- **WORK REQUEST**
Go line by line through the entries below and copy those containing the string "fill".

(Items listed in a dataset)
+ + +

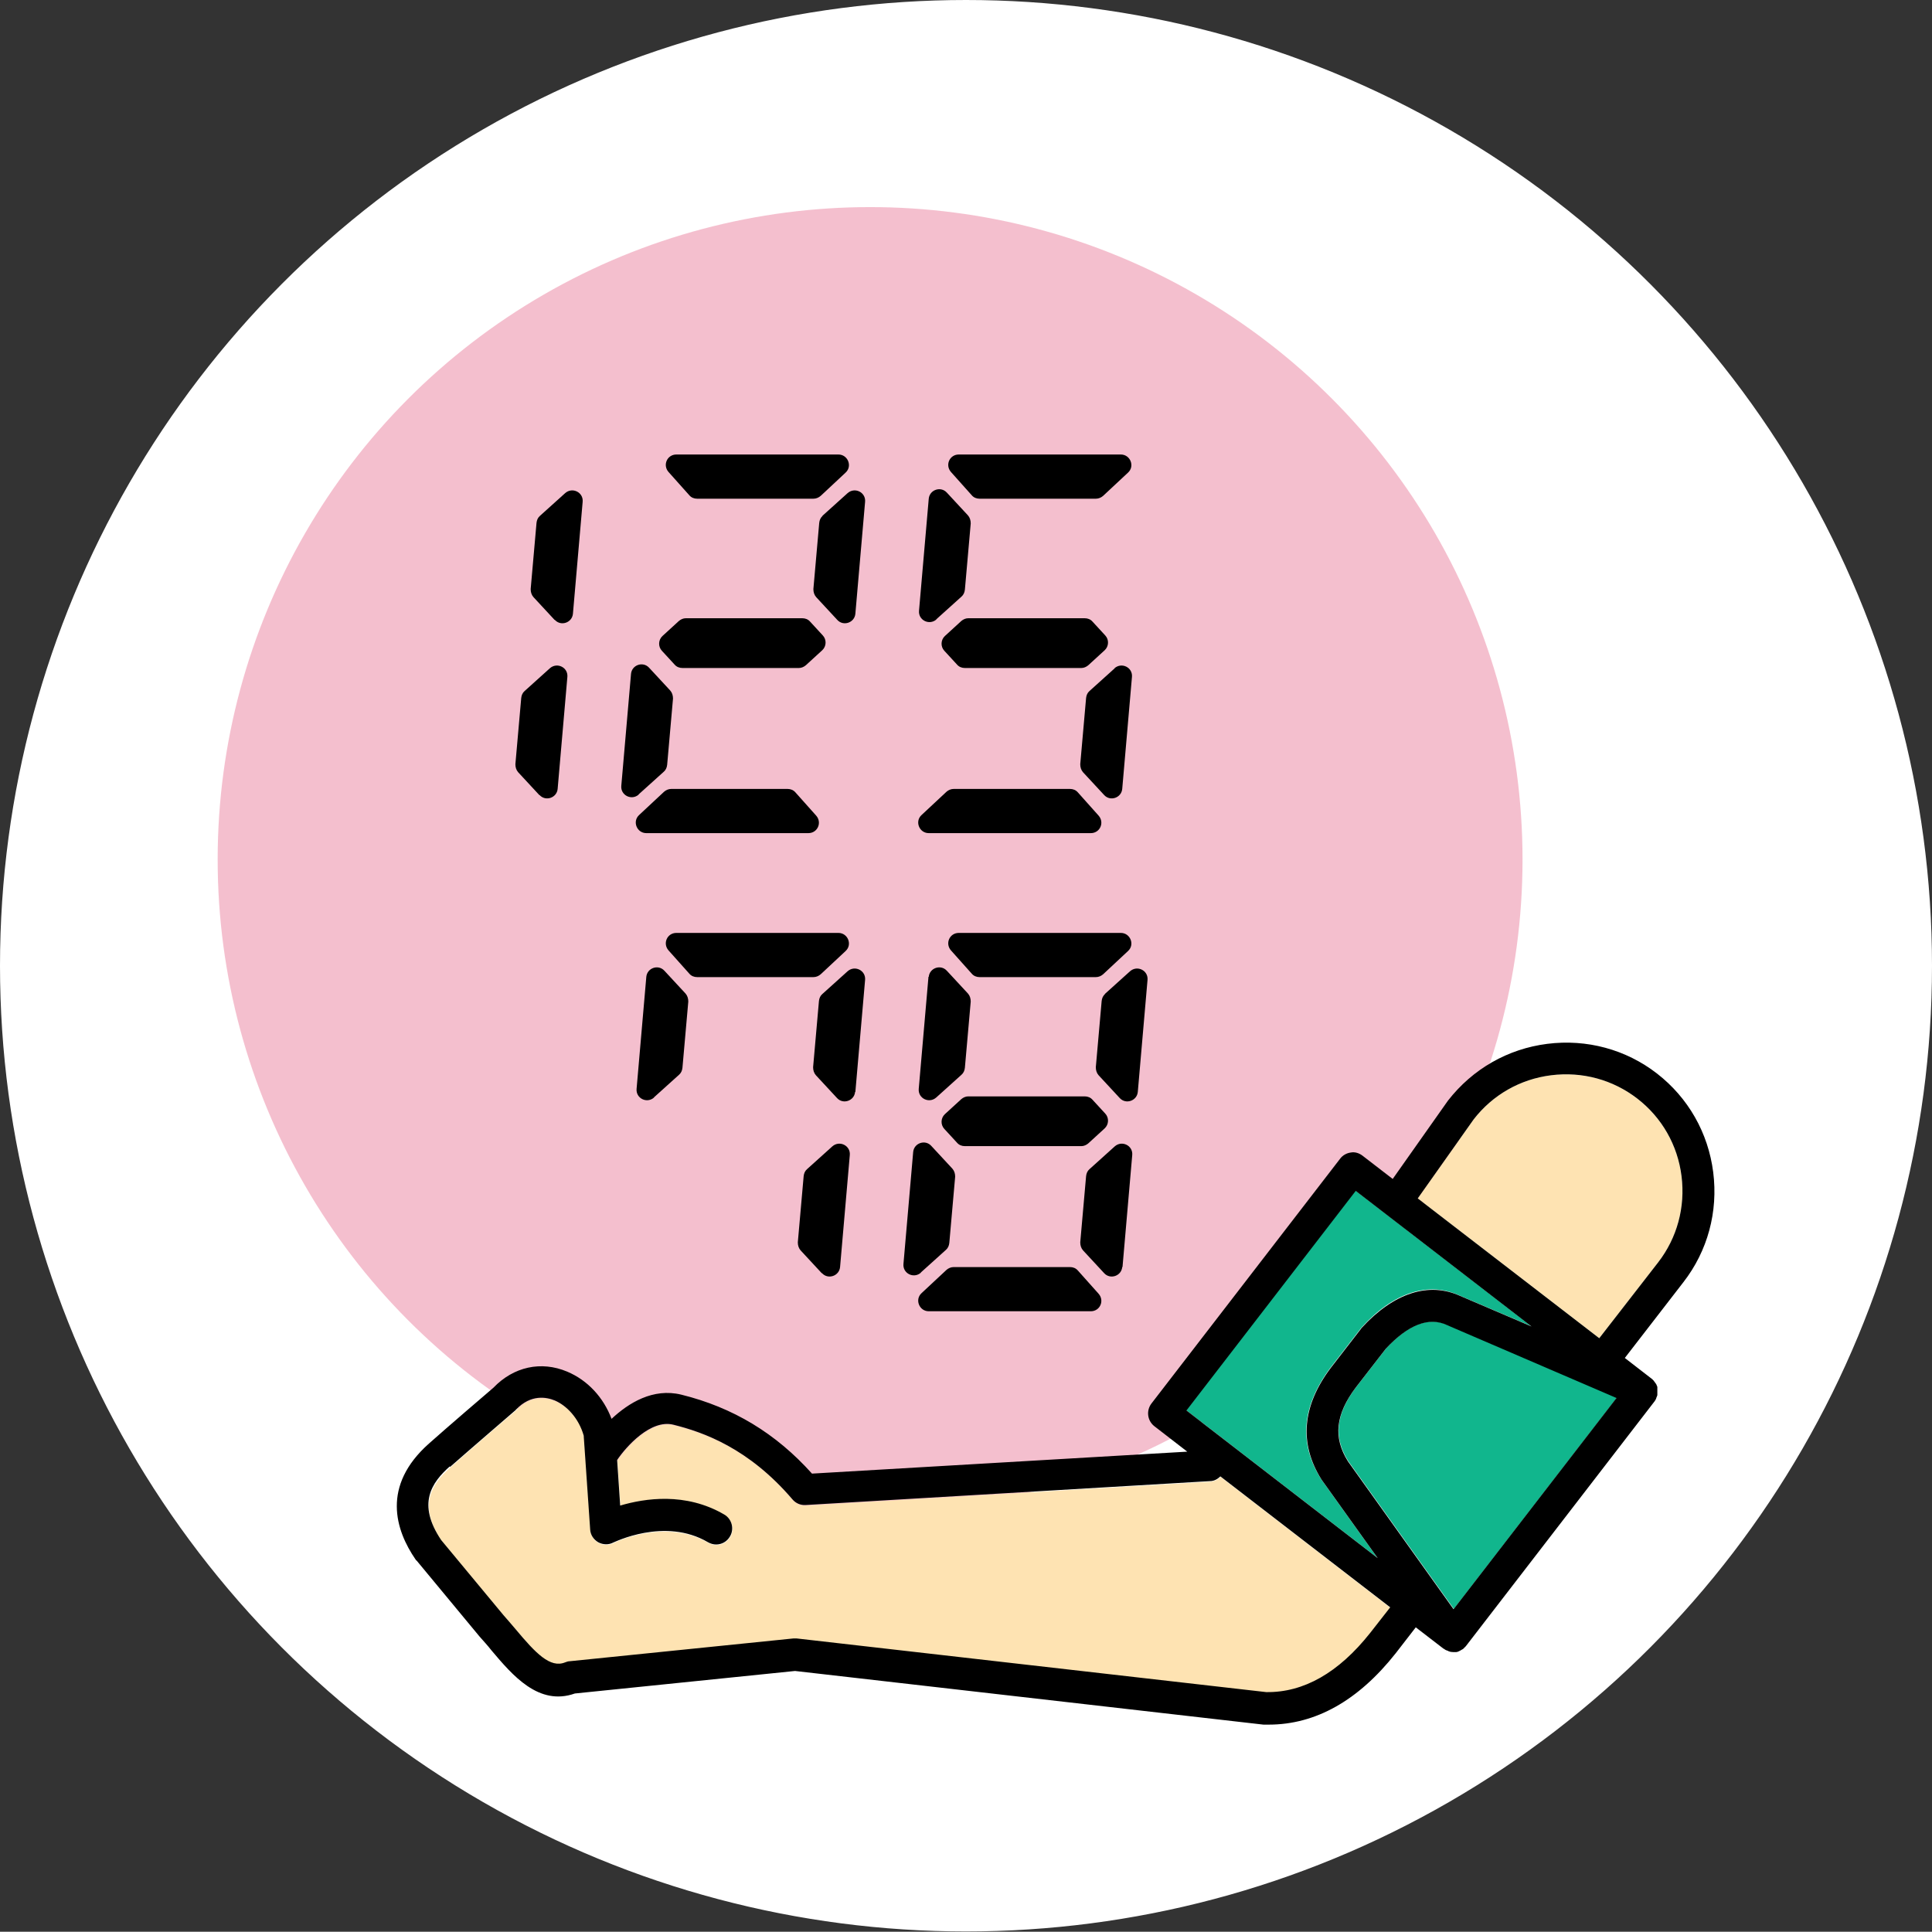 <?xml version="1.0" encoding="UTF-8"?>
<svg id="_レイヤー_2" data-name="レイヤー 2" xmlns="http://www.w3.org/2000/svg" viewBox="0 0 69.5 69.49">
  <rect x="0" y="0" width="69.5" height="69.49" fill="#333333" stroke="none"/>
  <defs>
    <style>
      .cls-1 {
        fill: #11b68d;
      }

      .cls-1, .cls-2, .cls-3, .cls-4 {
        stroke-width: 0px;
      }

      .cls-2 {
        fill: #eb819f;
        opacity: .5;
      }

      .cls-5 {
        fill: #fff;
        stroke: #fff;
        stroke-miterlimit: 10;
        stroke-width: .46px;
      }

      .cls-4 {
        fill: #fee3b2;
      }
    </style>
  </defs>
  <g id="_デザイン" data-name="デザイン">
    <g>
      <ellipse class="cls-5" cx="34.75" cy="34.74" rx="34.52" ry="34.51"/>
      <g>
        <circle class="cls-2" cx="31.3" cy="30.92" r="23.47"/>
        <g>
          <path class="cls-4" d="M15.88,55.42l2.24,2.7c.13.15.29.33.44.51.73.86,1.24,1.41,1.78,1.19.05-.02.1-.03.16-.04l8.05-.82s.08,0,.12,0l16.89,1.93c1.34.02,2.6-.69,3.74-2.13l.72-.92-6.11-4.71c-.1.1-.23.16-.37.17l-14.55.86c-.18.01-.35-.06-.47-.2-1.57-1.85-3.2-2.42-4.29-2.69-.81-.2-1.69.78-2.02,1.27l.11,1.64c.87-.27,2.35-.49,3.74.32.27.16.37.51.21.79-.11.18-.3.29-.5.29-.1,0-.2-.03-.29-.08-1.56-.91-3.4,0-3.41.01-.17.09-.38.08-.54-.01-.17-.09-.28-.27-.29-.46l-.23-3.34s0-.02,0-.03c-.17-.64-.61-1.09-1.04-1.27-.29-.12-.86-.24-1.4.33-.01.01-.03.03-.04.04-.02.01-1.64,1.4-2.33,2.02-.65.58-1.19,1.34-.31,2.65Z"/>
          <path class="cls-4" d="M57.53,48.14l2.12-2.73c.68-.88.98-1.98.84-3.1-.14-1.12-.71-2.11-1.59-2.79-.88-.68-1.98-.98-3.1-.84-1.12.14-2.11.71-2.79,1.59l-2.01,2.84,6.53,5.03Z"/>
          <path class="cls-1" d="M48.76,42.83l-6.09,7.9,6.88,5.31-2.01-2.81s-.01-.02-.02-.03c-.81-1.28-.69-2.62.34-4l1.09-1.41s.02-.02.03-.04c1.15-1.26,2.41-1.67,3.54-1.14l2.57,1.1-6.34-4.89Z"/>
          <path class="cls-1" d="M52.07,47.66c-.67-.31-1.41-.02-2.21.85l-1.07,1.38c-.74.98-.83,1.81-.29,2.67l3.8,5.32,5.87-7.61-6.09-2.62Z"/>
          <path class="cls-3" d="M14.98,56.13l2.27,2.74c.14.16.29.32.43.5.76.9,1.7,2.01,3,1.55l7.92-.81,16.85,1.93s.03,0,.05,0c.05,0,.09,0,.14,0,1.68,0,3.22-.86,4.57-2.57l.72-.93,1,.77s.02,0,.02.01c.04.03.08.05.12.06.01,0,.03.01.04.02.05.02.1.03.16.03,0,0,0,0,.01,0,.02,0,.05,0,.07,0,.01,0,.02,0,.03,0,.02,0,.03,0,.05-.01.02,0,.05-.02.07-.03.01,0,.03-.01.04-.02.02-.01.05-.03.07-.04.01,0,.02-.01.03-.02.03-.03.06-.06.09-.09l6.79-8.81s.05-.07.06-.11c0-.01,0-.02.01-.03.01-.03.02-.05.03-.08,0-.01,0-.03,0-.04,0-.03,0-.05,0-.08,0-.02,0-.03,0-.05,0-.01,0-.02,0-.03,0-.01,0-.03,0-.04,0,0,0-.02,0-.03,0,0,0-.01,0-.02,0-.03-.02-.05-.03-.08,0-.01-.01-.03-.02-.04-.02-.03-.04-.06-.06-.08,0,0,0-.01-.01-.02-.03-.03-.05-.06-.08-.08l-.97-.75,2.11-2.73c.87-1.12,1.25-2.53,1.07-3.95-.18-1.42-.9-2.68-2.02-3.55-1.12-.87-2.53-1.25-3.95-1.07-1.42.18-2.68.9-3.57,2.04l-1.99,2.82-1.09-.84c-.12-.09-.27-.14-.42-.11-.15.02-.29.1-.38.22l-6.79,8.81c-.19.25-.15.61.1.81l1.19.92-13.5.79c-1.3-1.45-2.84-2.38-4.7-2.84-1.02-.25-1.9.3-2.51.87-.29-.77-.86-1.39-1.6-1.7-.93-.39-1.92-.18-2.65.58-.2.17-1.67,1.43-2.32,2.01-1.71,1.52-1.21,3.11-.48,4.17.01.01.02.03.03.04ZM16.19,52.77c.69-.61,2.31-2,2.33-2.02.02-.01.03-.03.04-.04.54-.57,1.11-.45,1.4-.33.42.18.86.63,1.04,1.27,0,.01,0,.02,0,.03l.23,3.34c.01.19.12.36.29.46.17.09.37.1.54.01.02,0,1.85-.93,3.41-.01.09.05.19.08.29.08.2,0,.39-.1.5-.29.16-.27.07-.63-.21-.79-1.39-.81-2.86-.58-3.74-.32l-.11-1.64c.33-.49,1.21-1.47,2.02-1.27,1.09.27,2.72.85,4.29,2.69.12.14.29.21.47.2l14.55-.86c.14,0,.27-.07.37-.17l6.11,4.71-.72.92c-1.14,1.44-2.4,2.15-3.74,2.13l-16.89-1.93s-.08,0-.12,0l-8.05.82c-.05,0-.11.02-.16.04-.54.22-1.06-.33-1.78-1.19-.15-.18-.31-.36-.44-.51l-2.24-2.7c-.88-1.31-.34-2.07.31-2.65ZM55.8,38.68c1.12-.14,2.22.16,3.1.84.88.68,1.45,1.67,1.59,2.79.14,1.12-.16,2.22-.84,3.1l-2.12,2.73-6.53-5.03,2.01-2.84c.68-.88,1.67-1.45,2.79-1.59ZM52.29,57.89l-3.8-5.32c-.54-.86-.45-1.69.29-2.67l1.07-1.38c.81-.87,1.55-1.16,2.21-.85l6.09,2.62-5.87,7.61ZM55.1,47.72l-2.57-1.1c-1.13-.52-2.39-.11-3.54,1.14-.01.01-.02.02-.03.04l-1.09,1.41c-1.03,1.37-1.14,2.72-.34,4,0,0,.01.02.02.03l2.01,2.81-6.88-5.31,6.09-7.9,6.34,4.89Z"/>
          <path class="cls-3" d="M19.96,22.3c.22.24.62.1.65-.22l.35-4.03c.03-.34-.37-.54-.63-.31l-.91.82c-.07.06-.11.15-.12.25l-.21,2.38c0,.11.03.21.1.29l.76.82Z"/>
          <path class="cls-3" d="M19.41,28.6c.22.24.62.1.65-.22l.35-4.03c.03-.34-.37-.54-.63-.31l-.91.82c-.07.06-.11.15-.12.25l-.21,2.38c0,.11.03.21.1.29l.76.82Z"/>
          <path class="cls-3" d="M24.8,17.82c.07.08.17.12.28.12h4.18c.1,0,.19-.04.26-.1l.9-.84c.25-.23.08-.65-.26-.65h-5.83c-.33,0-.5.38-.28.63l.75.84Z"/>
          <path class="cls-3" d="M24.27,23.91c.07.08.17.12.28.12h4.19c.09,0,.18-.04.25-.1l.59-.54c.15-.14.16-.38.02-.53l-.46-.5c-.07-.08-.17-.12-.28-.12h-4.19c-.09,0-.18.04-.25.1l-.59.54c-.15.14-.16.38-.02.53l.46.5Z"/>
          <path class="cls-3" d="M29.59,18.56c-.07.06-.11.15-.12.25l-.21,2.38c0,.11.03.21.1.29l.76.82c.22.24.62.1.65-.22l.35-4.03c.03-.34-.37-.54-.63-.31l-.91.82Z"/>
          <path class="cls-3" d="M29.08,29.97c.33,0,.5-.38.28-.63l-.75-.84c-.07-.08-.17-.12-.28-.12h-4.18c-.1,0-.19.04-.26.1l-.9.84c-.25.23-.08.65.26.65h5.83Z"/>
          <path class="cls-3" d="M22.97,28.58l.91-.82c.07-.06.11-.15.12-.25l.21-2.38c0-.11-.03-.21-.1-.29l-.76-.82c-.22-.24-.62-.1-.65.22l-.35,4.03c-.03.34.37.54.63.31Z"/>
          <path class="cls-3" d="M34.96,17.82c.07.08.17.12.28.12h4.18c.1,0,.19-.04.26-.1l.9-.84c.25-.23.08-.65-.26-.65h-5.83c-.33,0-.5.38-.28.63l.75.84Z"/>
          <path class="cls-3" d="M39.74,23.39c.15-.14.16-.38.02-.53l-.46-.5c-.07-.08-.17-.12-.28-.12h-4.19c-.09,0-.18.04-.25.1l-.59.54c-.15.14-.16.38-.02.53l.46.5c.07.08.17.12.28.12h4.19c.09,0,.18-.04.25-.1l.59-.54Z"/>
          <path class="cls-3" d="M33.68,22.28l.91-.82c.07-.06.11-.15.12-.25l.21-2.38c0-.11-.03-.21-.1-.29l-.76-.82c-.22-.24-.62-.1-.65.22l-.35,4.03c-.03.34.37.54.63.31Z"/>
          <path class="cls-3" d="M33.41,29.97h5.83c.33,0,.5-.38.28-.63l-.75-.84c-.07-.08-.17-.12-.28-.12h-4.18c-.1,0-.19.04-.26.1l-.9.84c-.25.23-.08.65.26.65Z"/>
          <path class="cls-3" d="M40.1,24.04l-.91.82c-.07.06-.11.15-.12.25l-.21,2.38c0,.11.03.21.1.29l.76.82c.22.24.62.1.65-.22l.35-4.03c.03-.34-.37-.54-.63-.31Z"/>
          <path class="cls-3" d="M25.08,35.15h4.18c.1,0,.19-.04.26-.1l.9-.84c.25-.23.08-.65-.26-.65h-5.83c-.33,0-.5.38-.28.63l.75.84c.07.08.17.12.28.12Z"/>
          <path class="cls-3" d="M30.77,39.28l.35-4.03c.03-.34-.37-.54-.63-.31l-.91.82c-.07.06-.11.15-.12.25l-.21,2.38c0,.11.03.21.1.29l.76.82c.22.24.62.1.65-.22Z"/>
          <path class="cls-3" d="M23.52,39.48l.91-.82c.07-.06.11-.15.12-.25l.21-2.38c0-.11-.03-.21-.1-.29l-.76-.82c-.22-.24-.62-.1-.65.22l-.35,4.03c-.03.34.37.54.63.31Z"/>
          <path class="cls-3" d="M29.57,45.8c.22.24.62.1.65-.22l.35-4.03c.03-.34-.37-.54-.63-.31l-.91.82c-.07.06-.11.15-.12.25l-.21,2.38c0,.11.03.21.1.29l.76.82Z"/>
          <path class="cls-3" d="M35.24,35.15h4.18c.1,0,.19-.04.26-.1l.9-.84c.25-.23.08-.65-.26-.65h-5.83c-.33,0-.5.38-.28.63l.75.84c.07.08.17.12.28.12Z"/>
          <path class="cls-3" d="M34.43,41.11c.07.08.17.12.28.12h4.19c.09,0,.18-.04.25-.1l.59-.54c.15-.14.16-.38.02-.53l-.46-.5c-.07-.08-.17-.12-.28-.12h-4.19c-.09,0-.18.04-.25.1l-.59.54c-.15.14-.16.38-.02.53l.46.5Z"/>
          <path class="cls-3" d="M39.75,35.76c-.07.06-.11.15-.12.25l-.21,2.38c0,.11.03.21.1.29l.76.82c.22.24.62.1.65-.22l.35-4.03c.03-.34-.37-.54-.63-.31l-.91.82Z"/>
          <path class="cls-3" d="M33.4,35.14l-.35,4.03c-.03.34.37.54.63.31l.91-.82c.07-.06.11-.15.12-.25l.21-2.38c0-.11-.03-.21-.1-.29l-.76-.82c-.22-.24-.62-.1-.65.22Z"/>
          <path class="cls-3" d="M34.05,45.68l-.9.84c-.25.23-.08.65.26.65h5.83c.33,0,.5-.38.28-.63l-.75-.84c-.07-.08-.17-.12-.28-.12h-4.18c-.1,0-.19.04-.26.1Z"/>
          <path class="cls-3" d="M40.38,45.58l.35-4.03c.03-.34-.37-.54-.63-.31l-.91.82c-.07.06-.11.15-.12.25l-.21,2.38c0,.11.03.21.1.29l.76.82c.22.24.62.1.65-.22Z"/>
          <path class="cls-3" d="M33.12,45.78l.91-.82c.07-.06.11-.15.12-.25l.21-2.38c0-.11-.03-.21-.1-.29l-.76-.82c-.22-.24-.62-.1-.65.22l-.35,4.03c-.03.34.37.54.63.31Z"/>
        </g>
      </g>
    </g>
  </g>
</svg>

+ + +

- **OUTPUT OF THE EXERCISE**
  <rect x="0" y="0" width="69.5" height="69.49" fill="#333333" stroke="none"/>
        fill: #11b68d;
        fill: #eb819f;
        fill: #fff;
        fill: #fee3b2;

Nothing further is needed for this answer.